Las digestiones de Julio Magro, en cambio, resistían carnicerías criminales. Se enorgullecía íntimamente de su temple estomacal. ¿Cómo iban a perturbarlo los grititos beatos de un superior? Había visto con total claridad los cuerpos inertes de veinte adolescentes de largos cabellos, apenas vestidas con ligeras túnicas de gasa, cubriendo el suelo del enorme vestíbulo. Había olido su podredumbre incipiente. Así que poco le inquietaba que de algún modo se hubiesen evaporado en los no más de quince minutos que tardaron en personarse allí los refuerzos. Cuanto más insólito le parecía, más le estimulaba aquel misterio.
Mientras se adentraba de nuevo en el piso reluciente y muy perfumado de la señorita Ascensión Hija De, advirtió que alguien lo miraba desde detrás de la ventana. Suspendido de una cuerda, provisto de esponjas y bayetas, el limpiacristales permanecía atónito e inmóvil.

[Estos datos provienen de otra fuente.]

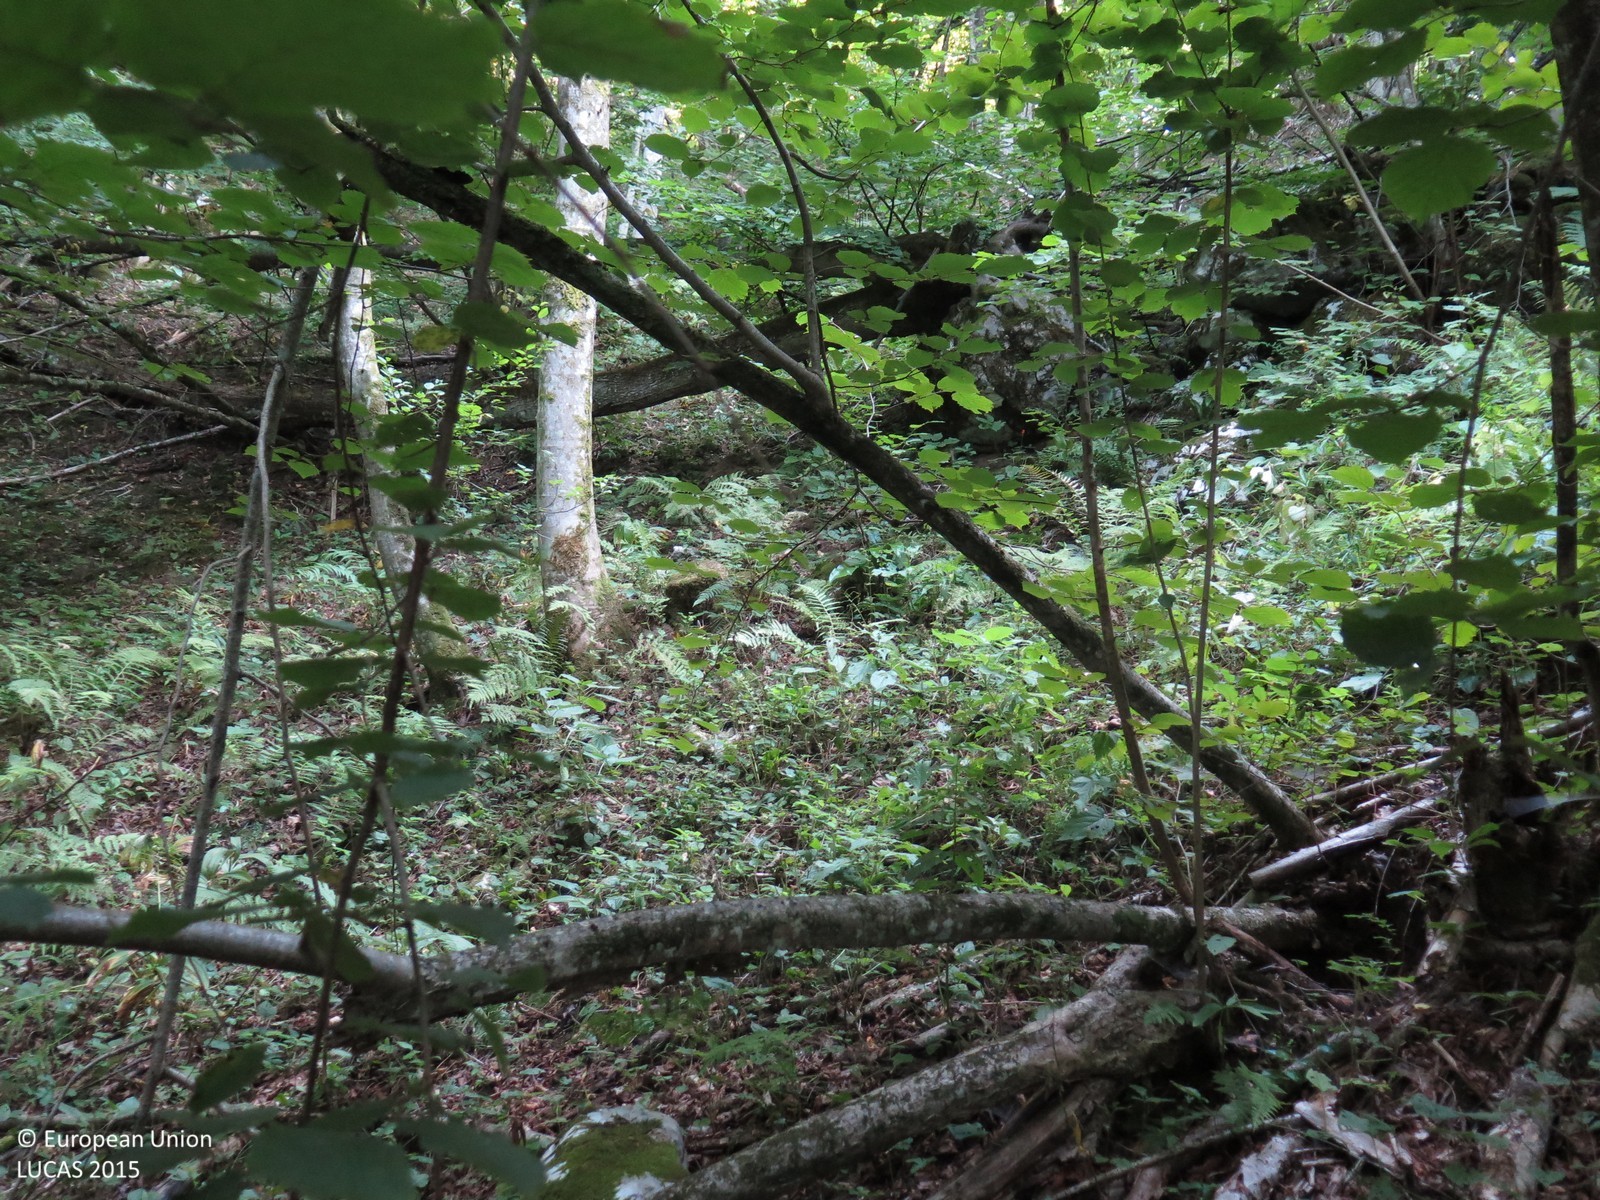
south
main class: Woodland
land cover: Broadleaved woodland
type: beech forest
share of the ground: > 75 %
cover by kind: broadleaved forest trees 95 %, herbaceous plants 5 %
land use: Forestry
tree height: > 5 m
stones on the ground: < 10 %
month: August
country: HR
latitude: 45.3612
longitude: 15.1402
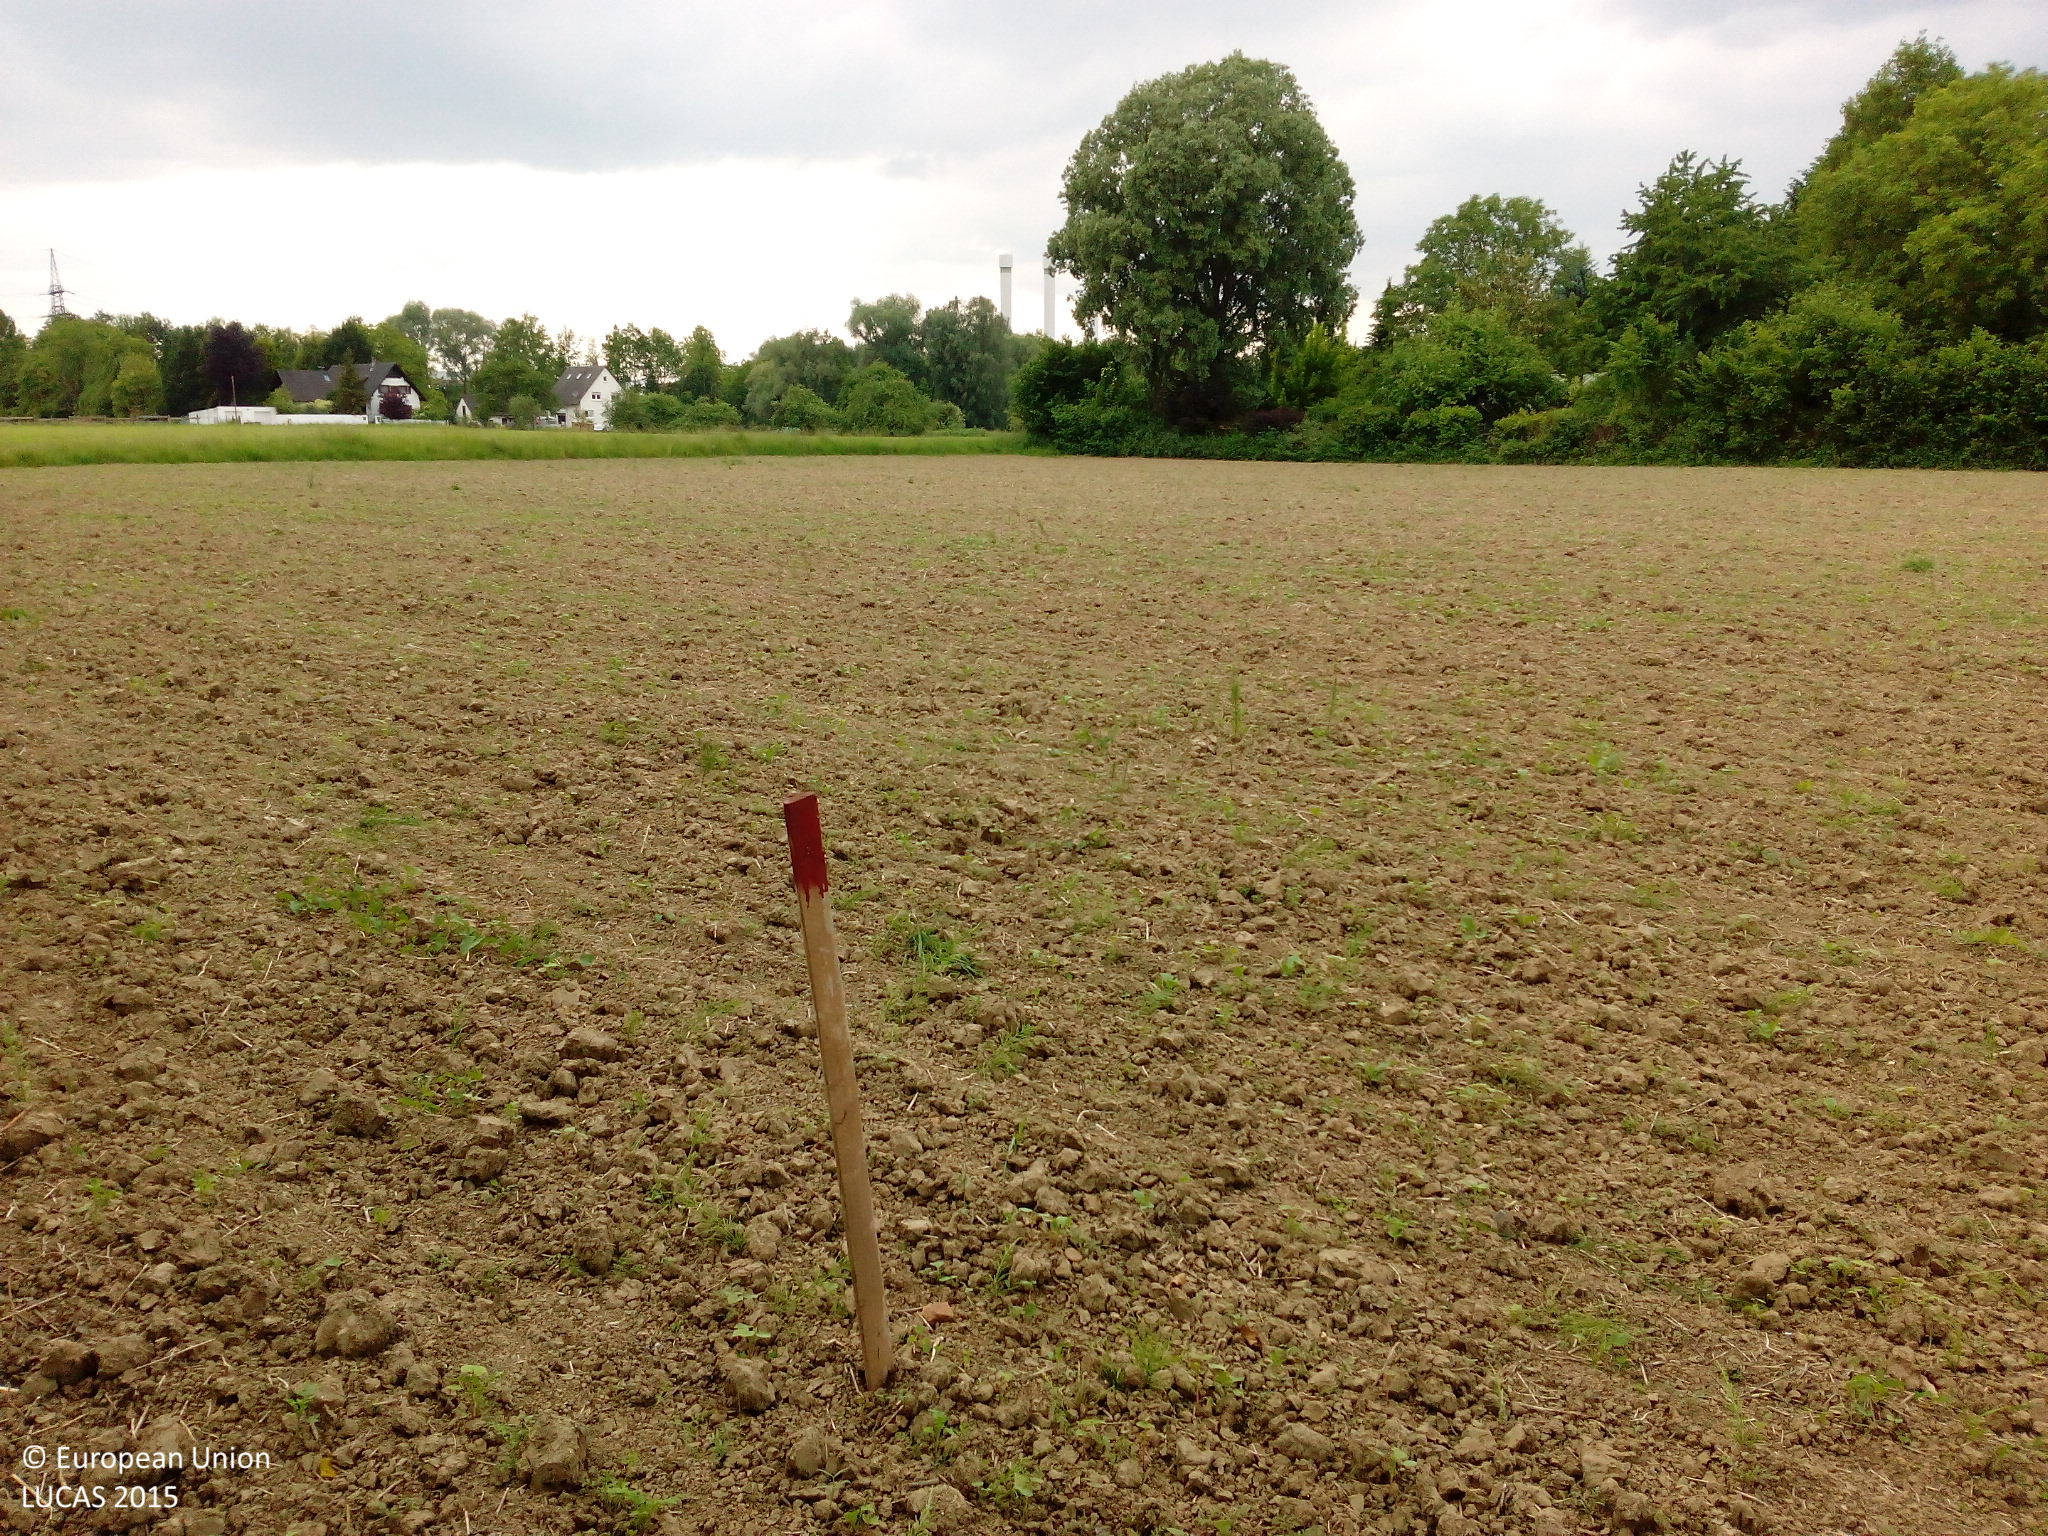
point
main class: Cropland
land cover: Other cereals
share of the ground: 10 - 25 %
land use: Agriculture (excluding fallow land and kitchen gardens)
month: May
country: DE
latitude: 48.8565
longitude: 8.1879
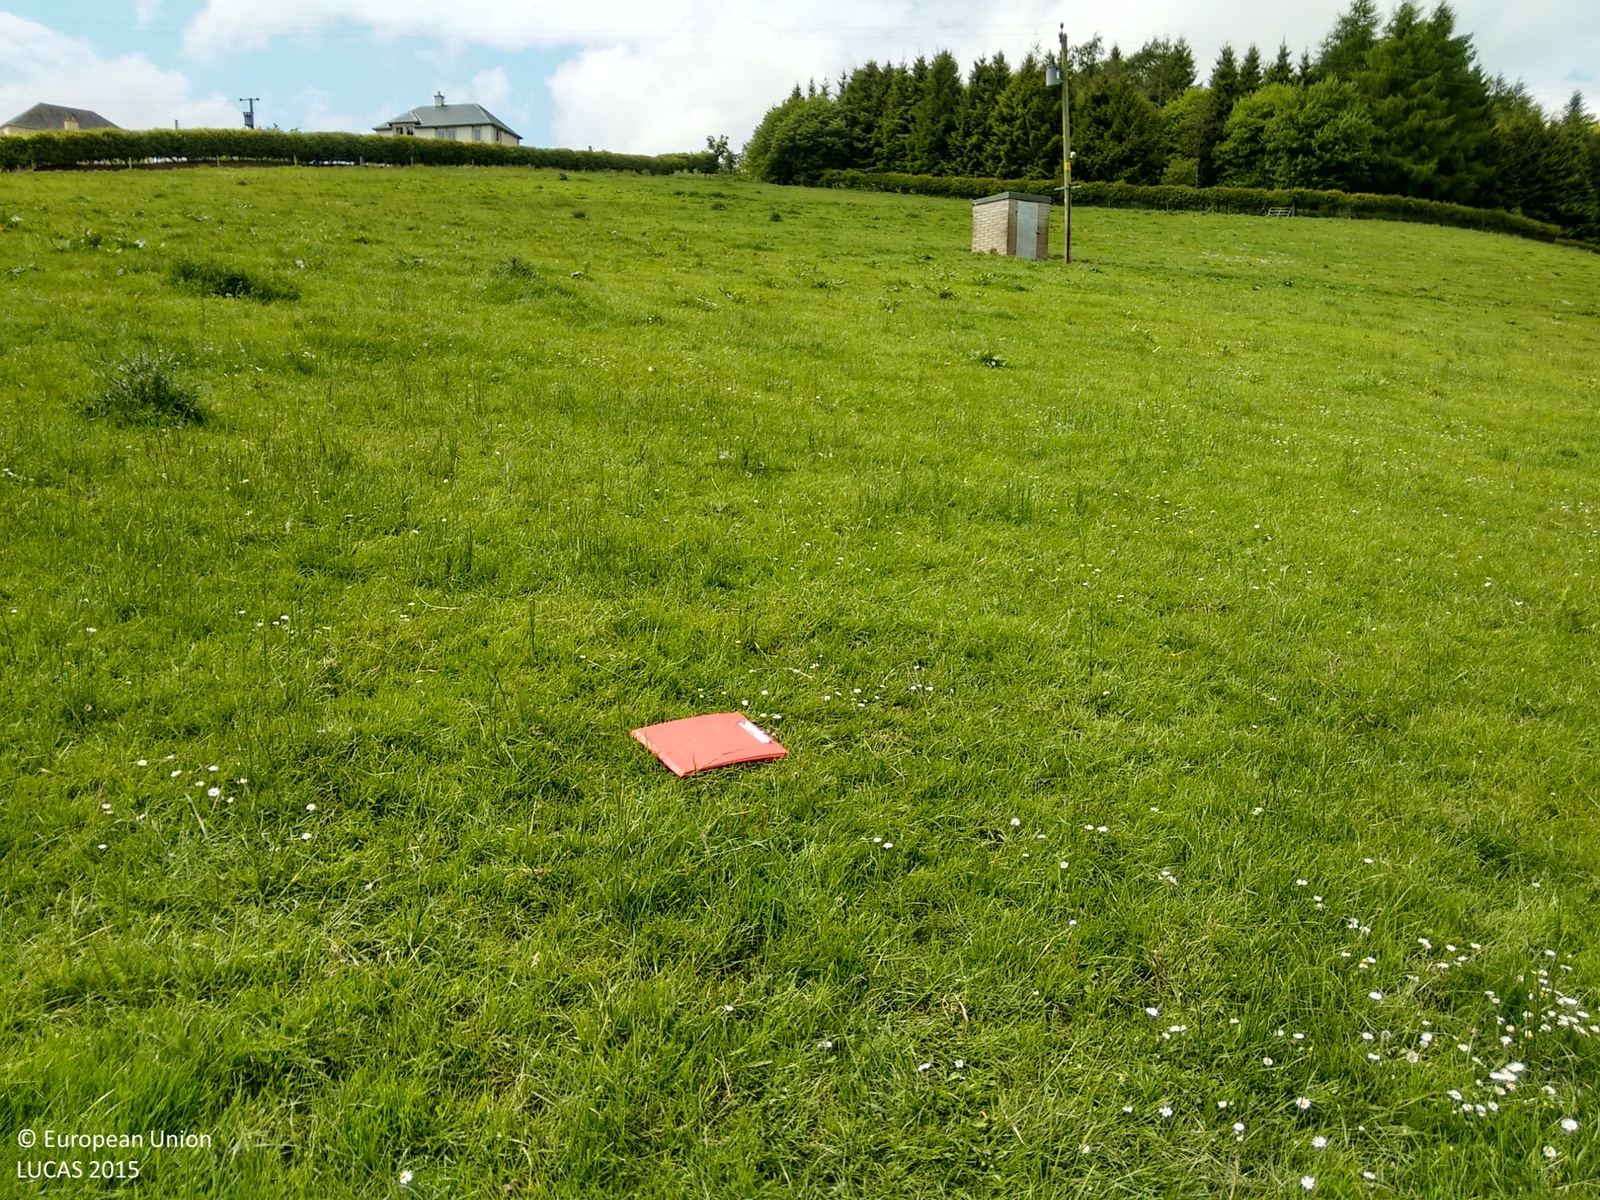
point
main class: Grassland
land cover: Grassland without tree/shrub cover
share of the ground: > 75 %
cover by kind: herbaceous plants 100 %
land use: Agriculture (excluding fallow land and kitchen gardens)
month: June
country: GB
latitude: 56.2939
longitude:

—¿No prefiere usted pasar? Descanse un poco, buen hombre –lo invitó el sabueso abriéndole el batiente de una de las coloridas vidrieras.
—No se va a creer lo que acabo de ver...
—Cuénteme, cuénteme.
Y le contó que se llamaba Eduardo y que llevaba cosa de seis horas paralizado, balanceándose en su arnés: había presenciado la muerte y la resurrección de veinte jovencitas angelicales.